Text classification can have a number of applications, such as:
- Document categorization
- Spam vs Ham
- Review Classification
- Fake Vs Actual News
- Sentiment Classification and so on...



## Install Dependencies

In [None]:
!pip install contractions
!pip install tqdm

## Import Libraries

In [None]:
import nltk
import contractions
from bs4 import BeautifulSoup
import numpy as np
import re
from tqdm.notebook import tqdm
import unicodedata
import pandas as pd

In [None]:
nltk.download('punkt')

## Get Data
We will make use of the movie review dataset for this tutorial

In [None]:
dataset = pd.read_csv(r'movie_reviews.csv.bz2')
dataset.info()

In [None]:
dataset.head()

### Prepare Train-Test Splits

In [None]:
# build train and test datasets
reviews = dataset['review'].values
sentiments = dataset['sentiment'].values

In [None]:
train_reviews = reviews[:35000]
train_sentiments = sentiments[:35000]

In [None]:
test_reviews = reviews[35000:]
test_sentiments = sentiments[35000:]

## Text Preprocessing
- Remove HTML/Special Characters
- Remove accented characters
- Lowercase

In [None]:
def strip_html_tags(text):
  soup = BeautifulSoup(text, "html.parser")
  [s.extract() for s in soup(['iframe', 'script'])]
  stripped_text = soup.get_text()
  stripped_text = re.sub(r'[\r|\n|\r\n]+', '\n', stripped_text)
  return stripped_text

def remove_accented_chars(text):
  text = unicodedata.normalize('NFKD', text).encode('ascii', 'ignore').decode('utf-8', 'ignore')
  return text

def pre_process_corpus(docs):
  norm_docs = []
  for doc in tqdm(docs):
    doc = strip_html_tags(doc)
    doc = doc.translate(doc.maketrans("\n\t\r", "   "))
    doc = doc.lower()
    doc = remove_accented_chars(doc)
    doc = contractions.fix(doc)
    # lower case and remove special characters\whitespaces
    doc = re.sub(r'[^a-zA-Z0-9\s]', '', doc, re.I|re.A)
    doc = re.sub(' +', ' ', doc)
    doc = doc.strip()  
    norm_docs.append(doc)
  
  return norm_docs

In [None]:
%%time
norm_train_reviews = pre_process_corpus(train_reviews)
norm_test_reviews = pre_process_corpus(test_reviews)

## Feature Engineering

In [None]:
from sklearn.feature_extraction.text import CountVectorizer, TfidfVectorizer

In [None]:
# build BOW features on train reviews
cv = CountVectorizer(binary=False, min_df=5, max_df=1.0, ngram_range=(1,2))
cv_train_features = cv.fit_transform(norm_train_reviews)

In [None]:
# build TFIDF features on train reviews
tv = TfidfVectorizer(use_idf=True, min_df=5, max_df=1.0, ngram_range=(1,2),
                     sublinear_tf=True)
tv_train_features = tv.fit_transform(norm_train_reviews)

In [None]:
%%time

# transform test reviews into features
cv_test_features = cv.transform(norm_test_reviews)
tv_test_features = tv.transform(norm_test_reviews)

## Classification Model: Logistic Regression

Also known as the logit or logistic model, it uses the logistic (popularly also known as sigmoid) mathematical function to estimate the parameter values.
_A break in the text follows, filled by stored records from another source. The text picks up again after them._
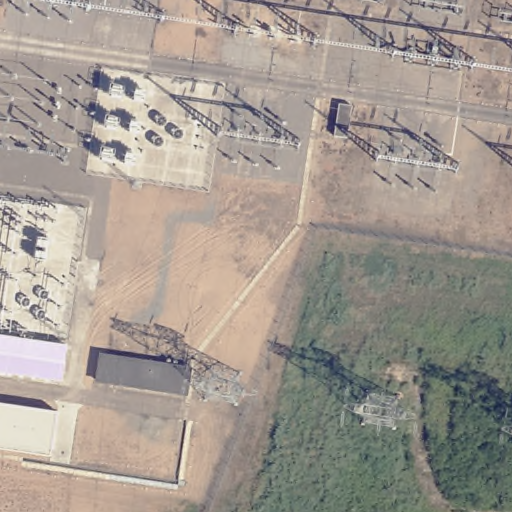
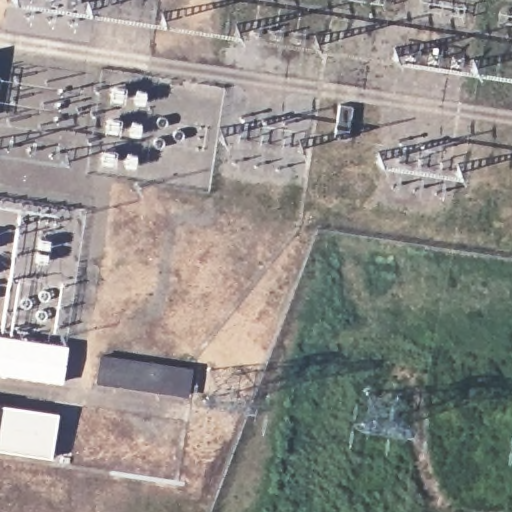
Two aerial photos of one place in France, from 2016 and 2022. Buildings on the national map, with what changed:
unchanged [(0,372),(0,333),(66,343),(60,380),(0,372)]
unchanged [(190,396),(97,384),(103,353),(193,368),(190,396)]
unchanged [(0,403),(56,412),(50,455),(0,448),(0,403)]

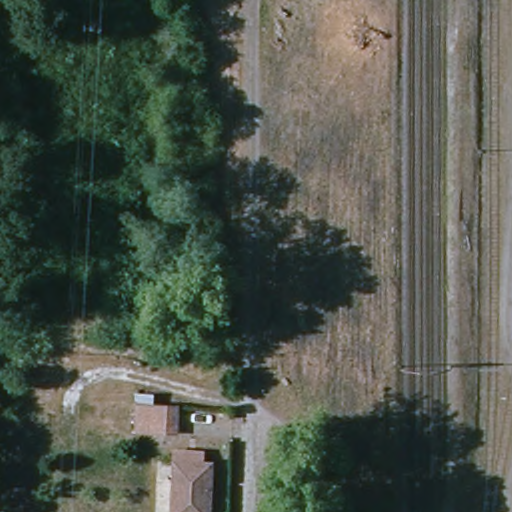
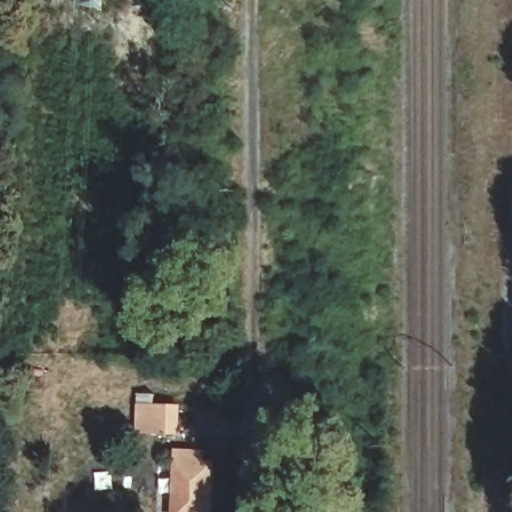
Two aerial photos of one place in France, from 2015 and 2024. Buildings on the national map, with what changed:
unchanged [(166,425),(144,423),(144,401),(166,402),(166,425)]
unchanged [(206,510),(171,509),(171,457),(208,458),(206,510)]

These are the coefficients of all our features such that the overall loss is minimized when predicting the outcome

In [None]:
# Logistic Regression model on BOW features
from sklearn.linear_model import LogisticRegression

### LR with Count Vectorizer

In [None]:
# instantiate model
lr_cv = LogisticRegression(penalty='l2', 
                        max_iter=500, 
                        C=1, 
                        solver='lbfgs', 
                        random_state=42)

In [None]:
## Train with CountVectorizer Features
# train model
lr_cv.fit(cv_train_features, train_sentiments)

In [None]:
# predict on test data
lr_bow_predictions = lr_cv.predict(cv_test_features)

### Evaluate Model

In [None]:
print(classification_report(test_sentiments, lr_bow_predictions))

In [None]:
labels = ['negative', 'positive']
pd.DataFrame(confusion_matrix(test_sentiments, lr_bow_predictions), 
             index=labels, columns=labels)

### LR with TFIDF

In [None]:
# instantiate model
lr_tv = LogisticRegression(penalty='l2', 
                        max_iter=500, 
                        C=1, 
                        solver='lbfgs', 
                        random_state=42)

In [None]:
## Train with CountVectorizer Features
# train model
lr_tv.fit(tv_train_features, train_sentiments)

### Evaluate Model

In [None]:
print(classification_report(test_sentiments, lr_tfidf_predictions))

In [None]:
labels = ['negative', 'positive']
pd.DataFrame(confusion_matrix(test_sentiments, lr_tfidf_predictions), 
             index=labels, columns=labels)